**The records**

-*-

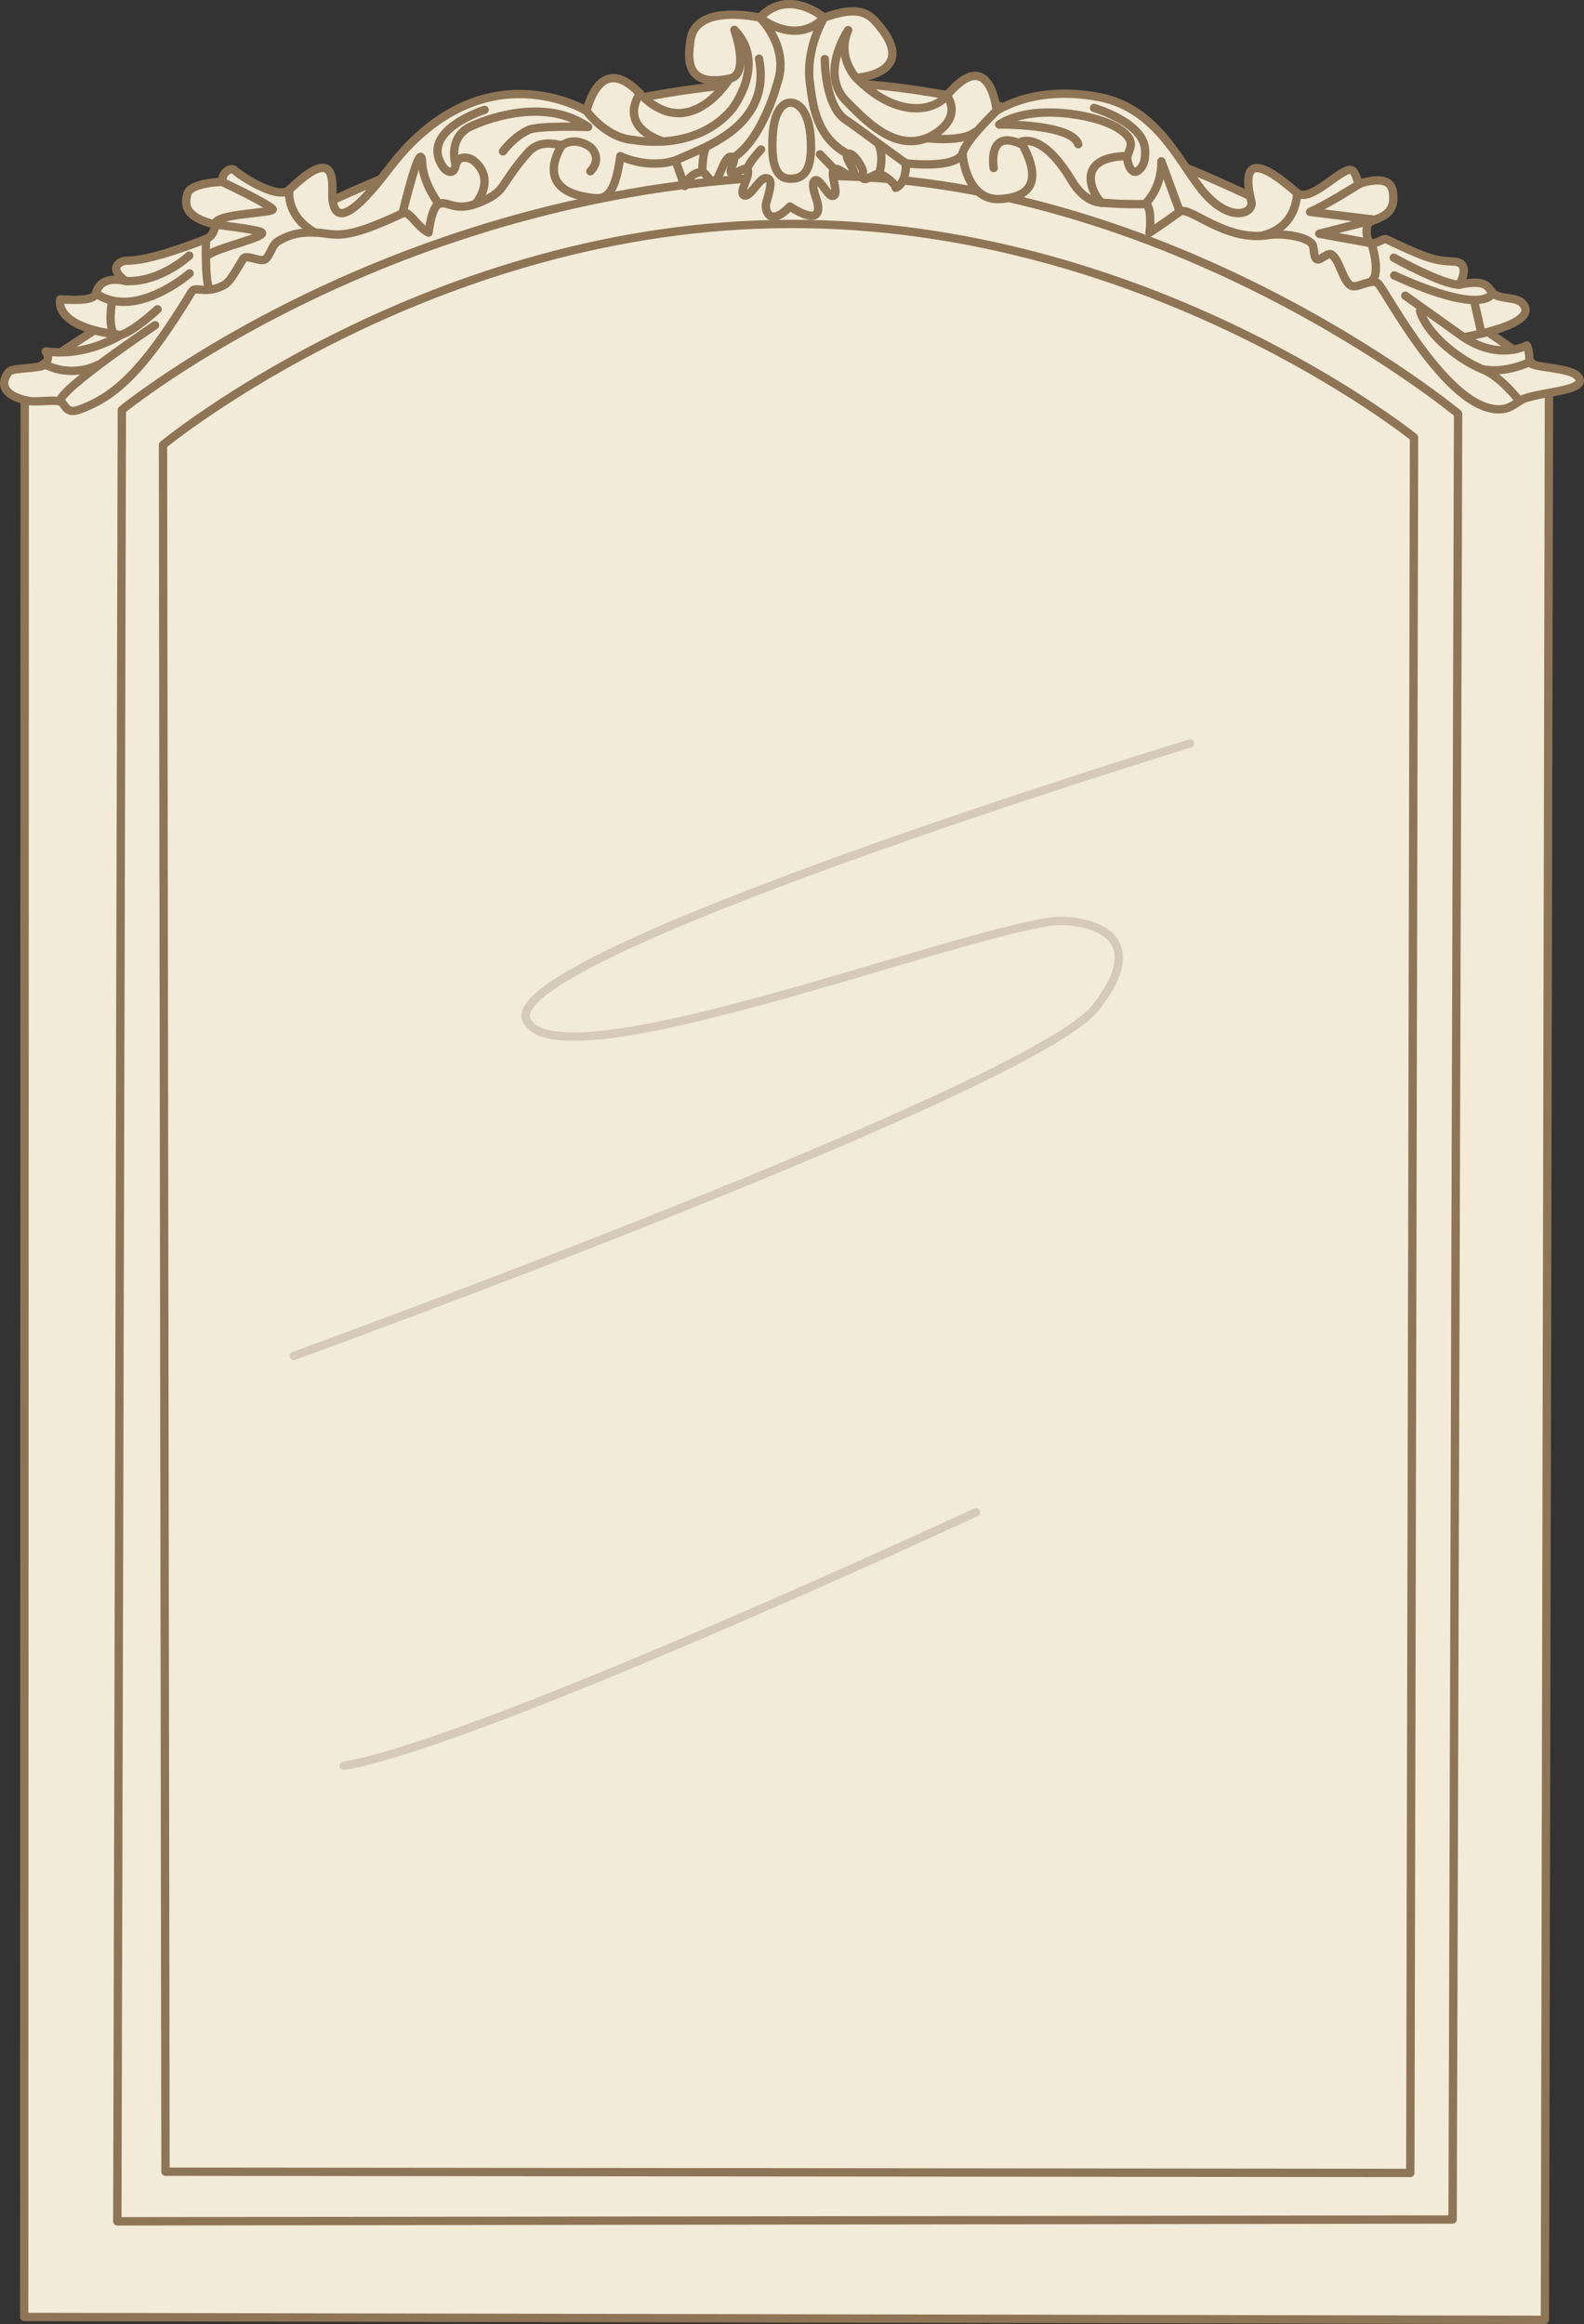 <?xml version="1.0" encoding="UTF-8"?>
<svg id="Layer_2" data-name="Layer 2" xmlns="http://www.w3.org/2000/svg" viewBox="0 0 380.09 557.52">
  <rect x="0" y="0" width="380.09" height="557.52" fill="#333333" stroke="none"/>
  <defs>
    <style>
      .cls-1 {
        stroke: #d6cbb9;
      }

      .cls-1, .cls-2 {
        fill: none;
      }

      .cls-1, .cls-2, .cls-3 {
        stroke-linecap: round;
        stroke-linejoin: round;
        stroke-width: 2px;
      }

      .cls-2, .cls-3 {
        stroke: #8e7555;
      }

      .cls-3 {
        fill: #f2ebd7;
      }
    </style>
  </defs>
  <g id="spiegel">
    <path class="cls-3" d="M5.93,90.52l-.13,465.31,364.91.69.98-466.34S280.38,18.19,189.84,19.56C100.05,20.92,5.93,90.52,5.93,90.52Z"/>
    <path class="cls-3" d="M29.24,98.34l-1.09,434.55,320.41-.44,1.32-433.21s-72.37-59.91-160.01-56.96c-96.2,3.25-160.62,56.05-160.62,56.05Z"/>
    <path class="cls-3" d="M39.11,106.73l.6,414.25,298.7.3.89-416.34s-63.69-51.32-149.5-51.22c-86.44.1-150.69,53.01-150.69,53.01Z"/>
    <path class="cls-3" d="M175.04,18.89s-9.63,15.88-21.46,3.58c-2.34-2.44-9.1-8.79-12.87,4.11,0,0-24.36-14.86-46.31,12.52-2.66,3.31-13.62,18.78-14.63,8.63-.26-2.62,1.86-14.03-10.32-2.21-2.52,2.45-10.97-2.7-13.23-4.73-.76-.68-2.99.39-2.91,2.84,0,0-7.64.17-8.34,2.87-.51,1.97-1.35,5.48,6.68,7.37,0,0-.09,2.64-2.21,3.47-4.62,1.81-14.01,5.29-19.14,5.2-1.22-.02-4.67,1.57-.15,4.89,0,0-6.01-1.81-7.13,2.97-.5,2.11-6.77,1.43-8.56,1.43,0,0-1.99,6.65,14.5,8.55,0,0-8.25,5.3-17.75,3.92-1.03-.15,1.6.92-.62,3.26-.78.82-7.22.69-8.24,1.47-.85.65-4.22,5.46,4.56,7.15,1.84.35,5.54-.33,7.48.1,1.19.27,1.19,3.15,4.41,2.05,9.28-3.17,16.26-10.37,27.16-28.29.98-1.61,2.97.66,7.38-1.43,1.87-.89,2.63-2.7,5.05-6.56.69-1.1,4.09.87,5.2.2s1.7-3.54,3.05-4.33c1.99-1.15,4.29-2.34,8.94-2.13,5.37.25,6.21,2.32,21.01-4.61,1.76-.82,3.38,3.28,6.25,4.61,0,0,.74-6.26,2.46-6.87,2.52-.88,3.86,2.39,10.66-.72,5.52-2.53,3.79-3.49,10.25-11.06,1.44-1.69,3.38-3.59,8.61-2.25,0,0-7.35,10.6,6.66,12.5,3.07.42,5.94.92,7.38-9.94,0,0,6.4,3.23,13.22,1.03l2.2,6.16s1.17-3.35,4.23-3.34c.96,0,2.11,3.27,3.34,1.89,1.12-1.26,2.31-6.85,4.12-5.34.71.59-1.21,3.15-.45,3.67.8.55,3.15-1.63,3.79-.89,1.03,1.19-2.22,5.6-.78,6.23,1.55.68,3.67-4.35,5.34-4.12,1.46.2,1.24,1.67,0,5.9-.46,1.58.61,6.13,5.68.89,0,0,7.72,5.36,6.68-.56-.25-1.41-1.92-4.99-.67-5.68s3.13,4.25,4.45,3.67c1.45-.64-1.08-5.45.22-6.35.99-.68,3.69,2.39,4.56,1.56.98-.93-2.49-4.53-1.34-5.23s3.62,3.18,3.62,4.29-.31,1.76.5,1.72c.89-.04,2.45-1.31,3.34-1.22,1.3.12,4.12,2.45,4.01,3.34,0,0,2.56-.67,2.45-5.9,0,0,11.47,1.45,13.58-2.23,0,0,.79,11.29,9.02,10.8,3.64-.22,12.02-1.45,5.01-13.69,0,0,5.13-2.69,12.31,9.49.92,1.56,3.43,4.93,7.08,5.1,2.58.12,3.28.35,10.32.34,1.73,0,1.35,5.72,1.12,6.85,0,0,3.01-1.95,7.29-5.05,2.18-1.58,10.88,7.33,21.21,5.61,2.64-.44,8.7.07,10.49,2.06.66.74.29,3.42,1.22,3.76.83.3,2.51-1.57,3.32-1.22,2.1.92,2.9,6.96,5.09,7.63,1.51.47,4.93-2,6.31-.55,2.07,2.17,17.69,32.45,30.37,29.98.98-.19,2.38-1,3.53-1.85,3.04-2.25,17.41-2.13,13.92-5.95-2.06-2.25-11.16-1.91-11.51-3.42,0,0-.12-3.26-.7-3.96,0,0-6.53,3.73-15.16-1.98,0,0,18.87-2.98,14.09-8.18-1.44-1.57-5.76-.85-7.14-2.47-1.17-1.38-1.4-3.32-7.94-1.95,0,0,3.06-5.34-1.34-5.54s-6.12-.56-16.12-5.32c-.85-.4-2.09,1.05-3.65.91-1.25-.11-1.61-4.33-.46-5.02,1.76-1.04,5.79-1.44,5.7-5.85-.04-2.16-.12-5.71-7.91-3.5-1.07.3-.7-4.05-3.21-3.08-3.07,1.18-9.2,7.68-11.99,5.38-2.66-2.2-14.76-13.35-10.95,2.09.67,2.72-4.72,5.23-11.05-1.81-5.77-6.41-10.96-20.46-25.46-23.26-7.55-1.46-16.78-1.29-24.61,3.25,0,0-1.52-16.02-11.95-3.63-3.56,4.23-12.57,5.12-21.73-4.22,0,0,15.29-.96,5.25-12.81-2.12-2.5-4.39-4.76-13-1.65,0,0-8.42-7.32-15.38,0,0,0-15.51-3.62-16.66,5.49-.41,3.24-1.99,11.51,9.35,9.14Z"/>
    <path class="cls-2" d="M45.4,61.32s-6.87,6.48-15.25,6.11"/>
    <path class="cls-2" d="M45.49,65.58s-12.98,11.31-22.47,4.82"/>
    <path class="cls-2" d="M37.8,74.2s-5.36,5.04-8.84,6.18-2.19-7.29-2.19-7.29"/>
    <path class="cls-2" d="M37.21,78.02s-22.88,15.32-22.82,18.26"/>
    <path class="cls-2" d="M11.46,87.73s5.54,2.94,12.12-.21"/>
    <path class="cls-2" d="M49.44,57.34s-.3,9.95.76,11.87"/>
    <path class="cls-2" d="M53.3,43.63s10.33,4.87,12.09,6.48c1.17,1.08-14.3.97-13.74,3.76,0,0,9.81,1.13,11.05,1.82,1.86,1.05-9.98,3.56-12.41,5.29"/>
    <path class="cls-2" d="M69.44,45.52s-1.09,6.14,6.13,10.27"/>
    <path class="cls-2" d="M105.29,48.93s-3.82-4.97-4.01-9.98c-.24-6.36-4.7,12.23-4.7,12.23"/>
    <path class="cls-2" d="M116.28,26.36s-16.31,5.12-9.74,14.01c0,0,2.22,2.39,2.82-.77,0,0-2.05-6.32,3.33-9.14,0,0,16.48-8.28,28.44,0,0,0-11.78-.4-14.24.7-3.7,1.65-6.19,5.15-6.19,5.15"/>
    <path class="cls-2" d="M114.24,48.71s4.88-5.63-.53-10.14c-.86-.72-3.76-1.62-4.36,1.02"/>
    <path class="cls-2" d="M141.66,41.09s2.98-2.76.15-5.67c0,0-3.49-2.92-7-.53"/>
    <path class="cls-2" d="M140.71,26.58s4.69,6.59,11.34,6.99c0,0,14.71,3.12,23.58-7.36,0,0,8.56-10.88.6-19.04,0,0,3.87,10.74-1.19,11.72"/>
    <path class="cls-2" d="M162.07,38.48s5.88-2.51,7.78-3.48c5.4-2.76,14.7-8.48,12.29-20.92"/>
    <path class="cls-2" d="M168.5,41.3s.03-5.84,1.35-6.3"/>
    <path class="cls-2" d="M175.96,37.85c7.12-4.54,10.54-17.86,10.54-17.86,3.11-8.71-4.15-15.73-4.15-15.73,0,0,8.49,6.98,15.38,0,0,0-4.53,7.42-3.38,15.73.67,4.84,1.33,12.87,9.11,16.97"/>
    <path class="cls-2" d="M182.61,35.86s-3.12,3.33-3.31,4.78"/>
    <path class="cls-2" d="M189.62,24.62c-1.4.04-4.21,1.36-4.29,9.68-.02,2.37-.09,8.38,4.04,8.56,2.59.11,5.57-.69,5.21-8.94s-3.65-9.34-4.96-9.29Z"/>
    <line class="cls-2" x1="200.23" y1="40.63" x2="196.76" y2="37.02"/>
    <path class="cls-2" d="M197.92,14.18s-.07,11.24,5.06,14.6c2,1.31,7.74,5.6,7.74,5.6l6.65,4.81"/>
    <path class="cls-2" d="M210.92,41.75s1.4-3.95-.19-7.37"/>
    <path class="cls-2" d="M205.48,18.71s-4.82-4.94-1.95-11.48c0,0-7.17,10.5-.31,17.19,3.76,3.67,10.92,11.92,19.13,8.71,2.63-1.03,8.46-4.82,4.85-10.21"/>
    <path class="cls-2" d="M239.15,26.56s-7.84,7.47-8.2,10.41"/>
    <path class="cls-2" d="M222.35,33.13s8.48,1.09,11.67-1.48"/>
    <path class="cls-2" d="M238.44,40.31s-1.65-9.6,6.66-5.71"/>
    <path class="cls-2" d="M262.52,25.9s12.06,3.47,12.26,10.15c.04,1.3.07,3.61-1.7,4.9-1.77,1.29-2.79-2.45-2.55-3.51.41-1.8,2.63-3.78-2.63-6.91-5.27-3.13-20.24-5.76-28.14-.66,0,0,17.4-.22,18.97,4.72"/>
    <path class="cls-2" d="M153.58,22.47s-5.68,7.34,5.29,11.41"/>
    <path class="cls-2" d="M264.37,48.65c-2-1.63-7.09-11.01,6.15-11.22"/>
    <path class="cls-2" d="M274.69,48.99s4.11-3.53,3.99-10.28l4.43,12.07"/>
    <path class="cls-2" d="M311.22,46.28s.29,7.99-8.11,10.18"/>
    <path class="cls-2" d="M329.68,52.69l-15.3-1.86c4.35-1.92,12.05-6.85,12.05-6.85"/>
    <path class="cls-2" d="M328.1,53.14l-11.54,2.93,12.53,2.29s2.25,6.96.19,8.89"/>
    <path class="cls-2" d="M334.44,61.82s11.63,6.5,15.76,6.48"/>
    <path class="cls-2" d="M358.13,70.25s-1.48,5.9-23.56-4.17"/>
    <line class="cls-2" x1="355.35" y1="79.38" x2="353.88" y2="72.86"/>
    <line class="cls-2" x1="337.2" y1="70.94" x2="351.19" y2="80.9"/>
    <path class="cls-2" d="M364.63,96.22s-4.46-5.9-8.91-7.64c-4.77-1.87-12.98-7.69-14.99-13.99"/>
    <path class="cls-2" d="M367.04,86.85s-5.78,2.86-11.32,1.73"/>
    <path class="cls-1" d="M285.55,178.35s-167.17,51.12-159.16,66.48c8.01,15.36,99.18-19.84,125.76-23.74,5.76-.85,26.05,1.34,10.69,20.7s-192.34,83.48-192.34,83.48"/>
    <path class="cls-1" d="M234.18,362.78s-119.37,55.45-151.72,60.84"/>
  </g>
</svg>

-*-

**Assignment**
Every line in the data above that contains "none" needs to be copied.

**Your solution**
  <rect x="0" y="0" width="380.09" height="557.52" fill="#333333" stroke="none"/>
        fill: none;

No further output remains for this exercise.